Intezer launches MCP server for security AI agents

Intezer has launched a revamped Model Context Protocol server for security operations, designed to connect AI agents such as Claude, Codex and Cursor to its security investigations platform.

The launch centres on what Intezer describes as an operating layer for security operations, sitting between detection tools and the AI agents used by security teams. The system gives those agents access to case histories, workflows, triage logic and prior investigation records held in the Intezer platform.

Security teams are increasingly testing generative AI tools for incident handling, case review and threat hunting. But suppliers and users are still working out how those systems should connect to existing detection and response software. Intezer is positioning its revised MCP server as the layer through which those models can draw on an organisation's existing security data and investigation history.

The platform ingests alerts from tools such as EDR, NDR, SIEM, identity, cloud security and email security systems. It then applies automated forensic investigation to all alerts, stores verdicts and case records, and makes that context available to connected AI agents.

Intezer said its system investigates 100% of alerts and reaches a verdict with 98% accuracy in under two minutes, with less than 2% of alerts escalated for human review. It argued that this reduces the need for organisations to build custom pipelines linking multiple tools and data feeds for AI assistants.

The pitch reflects a wider debate in cyber security over whether businesses should rely on managed detection and response providers or keep alert investigation in-house. Intezer argued that organisations which outsource investigation may not retain the case history, rule tuning and operational knowledge that could later help AI agents make better decisions.

That question matters as more companies look for ways to use large language models in security work without giving them unstructured access to multiple raw systems. Intezer's argument is that AI tools are more useful when they start with a completed investigation record rather than a set of disconnected alerts and telemetry.

Itai Tevet, Chief Executive Officer and Co-Founder of Intezer, said the new release is intended to provide that foundation for AI systems used by security teams.

"An AI platform does its best work standing on a real foundation of security knowledge, not on a dozen raw feeds it has to assemble itself," said Tevet. "This release gives Claude and Codex that foundation with all your cases, your workflows, your triage logic, your institutional memory. AI executes. Humans supervise. And now the supervising got a lot faster too."

How it fits

Intezer set out a three-part structure for security operations. At the base are detection systems that generate alerts from different parts of an organisation's environment. In the middle sits Intezer's platform, which investigates and records those alerts. At the top are AI agents that connect through MCP and carry out response actions using the evidence and context assembled by the platform.

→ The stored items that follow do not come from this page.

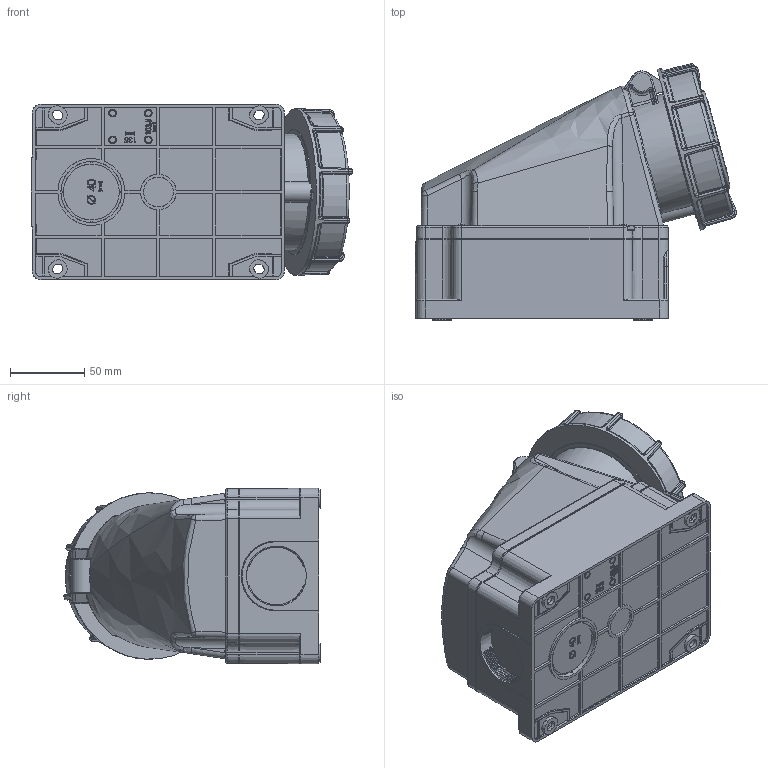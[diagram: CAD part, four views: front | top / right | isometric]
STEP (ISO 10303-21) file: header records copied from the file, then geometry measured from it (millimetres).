
FILE_DESCRIPTION (( 'STEP AP203' ), '1' );
FILE_NAME ('133-6, 134-6, 135-6.STEP', '2018-02-19T09:02:38', ( '' ), ( '' ), 'SwSTEP 2.0', 'SolidWorks 2016', '' );
FILE_SCHEMA (( 'CONFIG_CONTROL_DESIGN' ));
Length unit declared in the file: millimetre
Products named in the file (1): 133-6, 134-6, 135-6
Bounding box: 215.7 x 172.31 x 118.01 mm (x, y, z)
Volume: 2342823.1 mm3; surface area: 137066.8 mm2
Topology: 1 solids, 9 shells, 2087 faces, 5446 edges, 3471 vertices
Faces by surface type: plane 881, bspline 608, cylinder 331, cone 130, torus 100, sphere 37
Full cylindrical faces by diameter (mm): 10.983 x2, 32.2 x2, 40.3 x1
Entity records: 108054 total; most frequent: CARTESIAN_POINT 63711, ORIENTED_EDGE 10656, DIRECTION 7222, EDGE_CURVE 5328, VERTEX_POINT 3420, AXIS2_PLACEMENT_3D 2554, EDGE_LOOP 2258, LINE 2114

Intezer said this arrangement is intended to avoid the burden of connecting an AI tool directly to many separate products, each with its own query language and data format. It also argued that direct access to raw tool outputs does not amount to a full investigation, because an AI model still needs evidence collection, forensic analysis and cross-tool correlation before reaching a conclusion.

Intezer also tied the launch to its research on missed threats in lower-priority alerts. The company said analysis of more than 25 million alerts found that enterprises miss 54 real threats a year because low-severity or informational alerts are not investigated. It added that custom AI agents can reproduce the same gap if high processing costs or workflow limits lead teams to focus only on a subset of alerts.

Use cases

Examples cited by Intezer include reviewing the oldest open escalated case, drafting a tuning rule to suppress repeated false positives, generating an incident report from forensic evidence and searching for indicators tied to a newly reported campaign. In each case, the AI system would work from investigation data already assembled in the platform rather than collecting all the underlying material itself.

The MCP server is available now to Intezer customers. The company counts NVIDIA, MGM Resorts, Equifax, Salesforce and Ferguson among them.

Intezer said every alert investigated, every case resolved and every tuning rule written remains inside the organisation's own environment, allowing an AI agent connecting through MCP to draw on months or years of accumulated forensic history.